Unfortunately, Marvel comics, a company founded in 1939 waited until 2016 to hire it’s first Black woman to write for them, hiring three that year to be exact. But since their debut, more black writers, artists, and characters have joined the Marvel comic book universe so check out these three legit comic book trailblazers.

Nilah Magruder

Nilah Magruder First Black Woman to Write for Marvel Comics

Nilah Magruder made history as officially the first Black woman to write for Marvel Comics when her work debuted in “A Year of Marvels: September Infinite Comic #1,” a crossover story featuring Rocket Raccoon from the Guardians of the Galaxy and Tippy-Toe, Squirrel Girl’s animal sidekick, with the cover done by Jamal Campbell. It was a digital only one-shot story, but it is a piece of black comic book history. She also went on to work on the series Marvel Rising and Vault of Spiders writing Miles Morales, Kamal Khan, and America Chavez.
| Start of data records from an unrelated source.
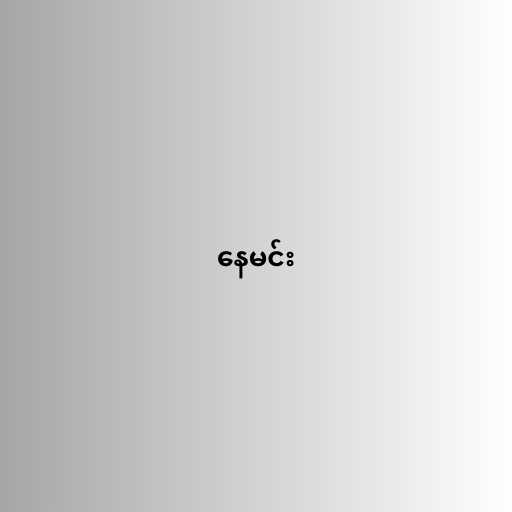
နေမင်း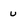
Character: u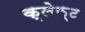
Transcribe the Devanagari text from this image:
क्लेफ़्ट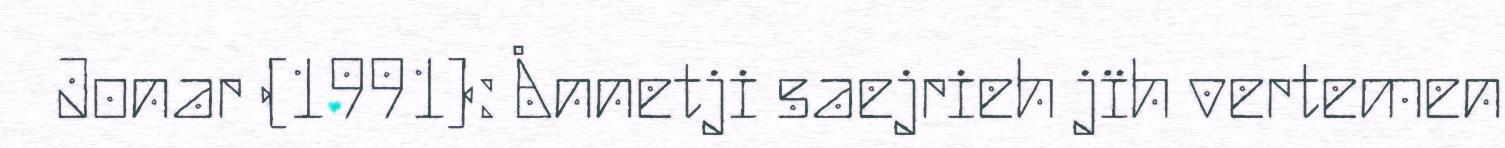
Jonar (1991): Ånnetji saejrieh jïh vertemen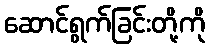
ဆောင်ရွက်ခြင်းတို့ကို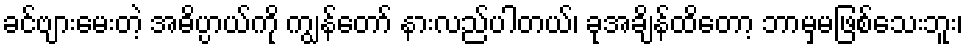
ခင်ဗျားမေးတဲ့ အဓိပ္ပာယ်ကို ကျွန်တော် နားလည်ပါတယ်၊ ခုအချိန်ထိတော့ ဘာမှမဖြစ်သေးဘူး၊

And prior to her Marvel first status, she was the first winner of the Dwayne McDuffie Award for Diversity in Comics in 2015 for her indie web comic M.F.K., a fantasy adventure about a deaf girl with a mysterious power, traveling across the desert to scatter her mother’s ashes, all written and illustrated my Magruder herself. She has also forged a career as a storyboard artist, animator for film and television, and an illustrator for children’s books.
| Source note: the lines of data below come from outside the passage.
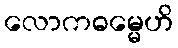
လောကဓမ္မေဟိ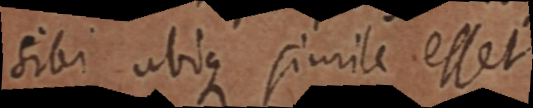
sibi ubique simile esset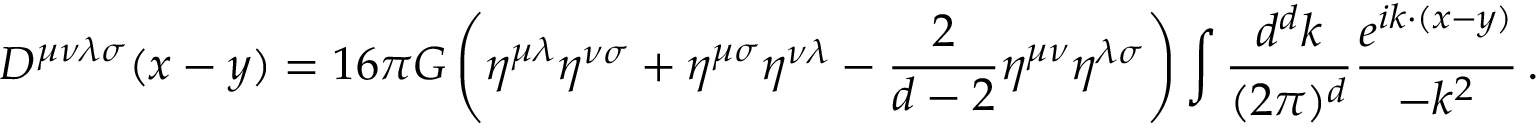
D ^ { \mu \nu \lambda \sigma } ( x - y ) = 1 6 \pi G \left( \eta ^ { \mu \lambda } \eta ^ { \nu \sigma } + \eta ^ { \mu \sigma } \eta ^ { \nu \lambda } - { \frac { 2 } { d - 2 } } \eta ^ { \mu \nu } \eta ^ { \lambda \sigma } \right) \int { \frac { d ^ { d } k } { ( 2 \pi ) ^ { d } } } { \frac { e ^ { i k \cdot ( x - y ) } } { - k ^ { 2 } } } \, .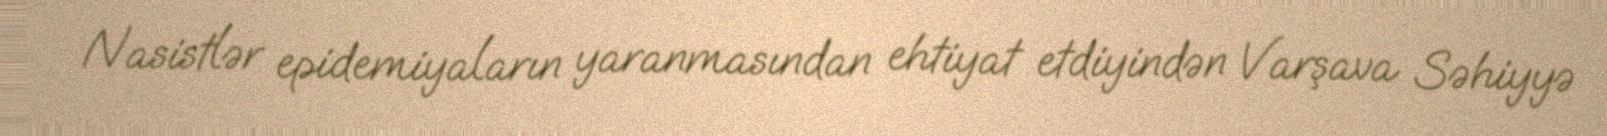
Nasistlər epidemiyaların yaranmasından ehtiyat etdiyindən Varşava Səhiyyə

Nilah Magruder Black Female Writer For Marvel

Roxanne Gay

Roxane Gay First Black Woman to Write for Marvel Comics

Many outlets credit Roxanne Gay as the first, but she’s actually Marvel’s second black female writer. She is a professor, editor, and social commentator as well as a National Book Award winner and New York Times best selling author of The Bad Feminist. She teamed up with Ta-Nehisi Coates for “Black Panther: World of Wakanda” which launched two months after Magruder’s Marvel debut in November of 2016.

Gay’s story revolves around two of the Dora Milaje, Ayo and Aneka, who are falling in love with each other…and out of love with T’Challa, choosing to serve the people of Wakanda instead of it’s monarchy and eventually starting a revolution. Gay also participated in the Marvel Voices initiative focusing on telling the stories of diverse creators and their unique perspectives through a podcast and a one-shot comic book.
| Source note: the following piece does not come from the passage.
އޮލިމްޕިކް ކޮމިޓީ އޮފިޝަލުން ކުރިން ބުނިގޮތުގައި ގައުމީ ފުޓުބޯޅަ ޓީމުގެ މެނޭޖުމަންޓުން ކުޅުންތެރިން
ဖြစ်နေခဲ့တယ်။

Roxane Gay Black Female Writer For Marvel

Yona Harvey

Yona Harvey Black Female Writer For Marvel

Harvey is an award-winning author and poet of the You Don’t Have To Go To Mars for Love collection. She became the third woman to join Marvel in 2016 when she worked with both Gay and Coates as a writer on issue #1 of “World of Wakanda”. Harvey wrote the origin story of World’s revolutionary leader Zenzi, a character she based on Winnie Mandela.

She also contributed to another Black Panther run with Coates, “Black Panther and The Crew” as well as Reginald Hudlin’s Black Panther run. Harvey wrote her first comic, an issue of “Flatbush Maiden,” as an undergraduate at Howard University and has also worked with teenagers writing about mental health issues in collaboration with Creative Nonfiction magazine.